__What to do__
From the first record to the last, write each one out again exactly.

[[ Entries supplied open ]]

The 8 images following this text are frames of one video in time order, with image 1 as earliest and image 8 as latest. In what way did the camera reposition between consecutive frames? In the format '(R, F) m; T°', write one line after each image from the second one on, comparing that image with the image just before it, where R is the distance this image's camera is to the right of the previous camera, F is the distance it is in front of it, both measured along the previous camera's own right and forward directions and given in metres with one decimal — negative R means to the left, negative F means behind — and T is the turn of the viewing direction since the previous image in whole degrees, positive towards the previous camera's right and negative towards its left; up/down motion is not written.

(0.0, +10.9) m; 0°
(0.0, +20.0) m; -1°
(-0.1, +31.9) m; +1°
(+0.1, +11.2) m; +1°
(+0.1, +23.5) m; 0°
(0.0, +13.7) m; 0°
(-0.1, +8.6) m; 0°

[[ Entries supplied closed ]]

__Solution__
The 8 images following this text are frames of one video in time order, with image 1 as earliest and image 8 as latest. In what way did the camera reposition between consecutive frames? In the format '(R, F) m; T°', write one line after each image from the second one on, comparing that image with the image just before it, where R is the distance this image's camera is to the right of the previous camera, F is the distance it is in front of it, both measured along the previous camera's own right and forward directions and given in metres with one decimal — negative R means to the left, negative F means behind — and T is the turn of the viewing direction since the previous image in whole degrees, positive towards the previous camera's right and negative towards its left; up/down motion is not written.

(0.0, +10.9) m; 0°
(0.0, +20.0) m; -1°
(-0.1, +31.9) m; +1°
(+0.1, +11.2) m; +1°
(+0.1, +23.5) m; 0°
(0.0, +13.7) m; 0°
(-0.1, +8.6) m; 0°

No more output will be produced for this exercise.